Entendido como um acontecimento na ordem do saber, Foucault torna claro em As palavras e as coisas que o contexto histórico desencadeado pelas revoluções burguesas e pela sociedade industrial proporcionou o aparecimento de reflexões do tipo sociológico, fragmentando-se em campos de saberes específicos. Refere-se, nesse contexto, ao momento em que o homem transfere o olhar sobre sua própria humanidade para si e à ruptura dos critérios filosóficos e religiosos sobre a existência humana, constituindo, segundo Laplantine, “um evento considerável na história da humanidade” (LAPLANTINE, p. 57).

Convém observar, como o faz Foucault, que esse novo corpo de conhecimento, caracterizado como uma construção discursiva, se inscreve em uma espécie de “região híbrida”, dadas as suas características intersticiais, “perigosas e em perigo”, como ele próprio coloca, em função da precariedade de situá-lo no campo epistemológico mais amplo.
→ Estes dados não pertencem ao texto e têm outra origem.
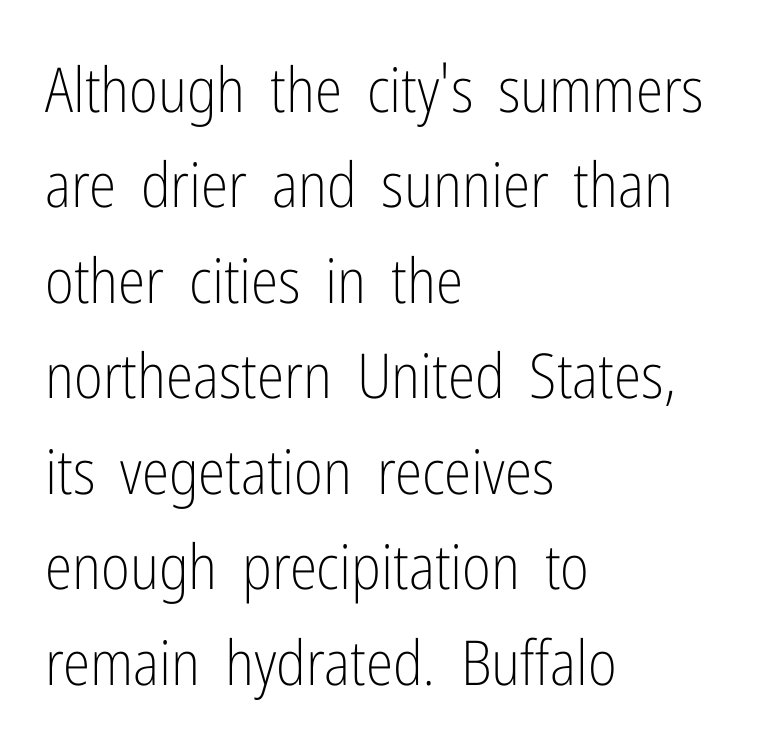
Q: Is the text bold? A: No.
Q: Is the text italic (slanted)? A: No, it is upright.
Q: Is the typeface a serif or a sans-serif typeface? A: Sans-serif.
Q: Is the text underlined? A: No.
Q: How is the paragraph aligned? A: Left-aligned.
Q: Is the spacing between letters normal or unusually wide? A: Normal.
Q: Is the spacing between lines tight, normal or loose? A: Normal.
Q: Width (condensed, normal, or wide)? A: Condensed.
Q: Stroke contrast? A: Low.
Q: x-height? A: Medium.
Q: Monospaced? A: No.

Ao reivindicar “traduzir” a empiricidade humana a partir de uma perspectiva objetiva, as ciências humanas, segundo Foucault, se diluem em um triedro epistemológico, e “flutuam” por ele – sem propriamente estarem por completo incluídas ou excluídas de cada uma de suas três dimensões. As duas primeiras são as ciências físicas e matemáticas e as ciências da vida. Ambas, segundo ele, remetem ao plano matematizável e objetivo que as humanidades vão reivindicar, enquanto que a terceira dimensão é a da reflexão filosófica.
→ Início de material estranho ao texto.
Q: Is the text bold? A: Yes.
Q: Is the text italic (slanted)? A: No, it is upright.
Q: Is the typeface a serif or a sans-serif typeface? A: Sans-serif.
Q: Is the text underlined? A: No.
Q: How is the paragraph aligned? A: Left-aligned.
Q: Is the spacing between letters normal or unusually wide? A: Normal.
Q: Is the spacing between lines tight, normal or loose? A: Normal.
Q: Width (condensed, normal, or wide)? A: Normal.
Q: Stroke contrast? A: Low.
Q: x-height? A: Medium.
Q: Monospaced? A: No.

É importante destacar que a instabilidade epistemológica gerada pelas ciências humanas produzirá um deslocamento decisivo na ordem do saber, do qual somos herdeiros até os dias atuais, onde o homem deixou de ser o centro da criação e o núcleo do espaço.

Mas, se as questões que Foucault aborda tornam-se relevantes para se problematizar o papel desempenhado pelas ciências humanas na construção de um determinado conceito de homem, acreditamos que as questões por ele tratadas tornam-se igualmente relevantes para discutirmos outro conjunto de problemáticas que se sobressaem quando pensamos as relações estabelecidas entre as ciências humanas e o jornalismo, mais especificamente, entre Antropologia e jornalismo.
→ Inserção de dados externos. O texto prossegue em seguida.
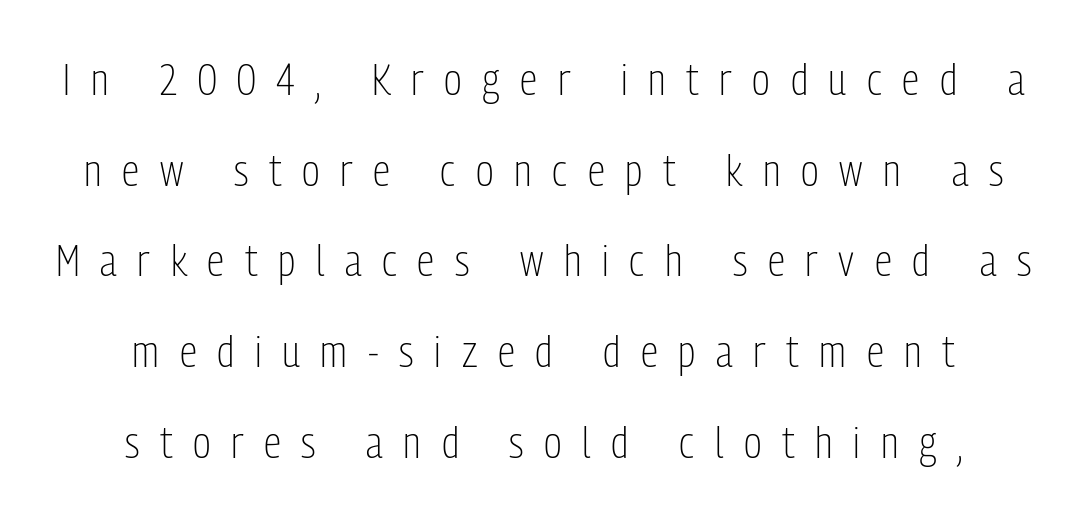
What's the leading like? Stretched, with rows far apart. Rendered with straight, roman letterforms. Someone cranked the tracking dial way up on this one. This rendering employs a face without finishing strokes, i.e., a sans-serif.

É também de um lugar híbrido e intersticial a que nos referimos quando abordamos essas relações, cujas fronteiras tornam-se enfraquecidas ao se observar as múltiplas convergências e conexões entre esses universos, principalmente quando nosso foco volta-se para o jornalismo de viagem em comparação com os percursos trilhados pela Antropologia.

3. A percepção do outro

Para o homem do Velho Mundo, a percepção do universo e de sua própria humanidade não ultrapassava muito os seus limites geográficos. Foram as navegações colonialistas dos séculos XV e XVI que marcaram a primeira grande ruptura no olhar do homem ocidental sobre si mesmo, momento em que surge o “outro” e quando se interroga sobre a diversidade da experiência humana.

Durante o intervalo de dois séculos, desde as grandes navegações até as revoluções políticas e industriais do final do século XVIII, eram os relatos da observação de expedicionários, missionários e jesuítas, em suas viagens pelas colônias, que sustentavam o que se constituía como o olhar pré-etnográfico:

Os viajantes dos séculos XVI e XVII coletavam “curiosidades” (...). No século XVIII, a questão é: como coletar? E como dominar em seguida o que foi coletado? Com a História Geral das Viagens, do padre Prévost (1746), passa-se da coleta dos materiais para a coleção das coletas. Não basta mais observar, é preciso processar a observação. Não basta mais interpretar, é preciso interpretar interpretações (...). Em 1789, Chavane, o primeiro, dará a essa atividade um nome. Ele a chamará: a etnologia (LAPLANTINE, idem, p. 58).

Laplantine refere-se ao período em que começam a se esboçar as primeiras diretrizes do trabalho antropológico. É quando surge o pesquisador “erudito”, figura chave da ciência no século XIX, período de uma intensa institucionalização acadêmica nas ciências humanas, em que começam a surgir as primeiras sociedades científicas e cadeiras universitárias de etnologia.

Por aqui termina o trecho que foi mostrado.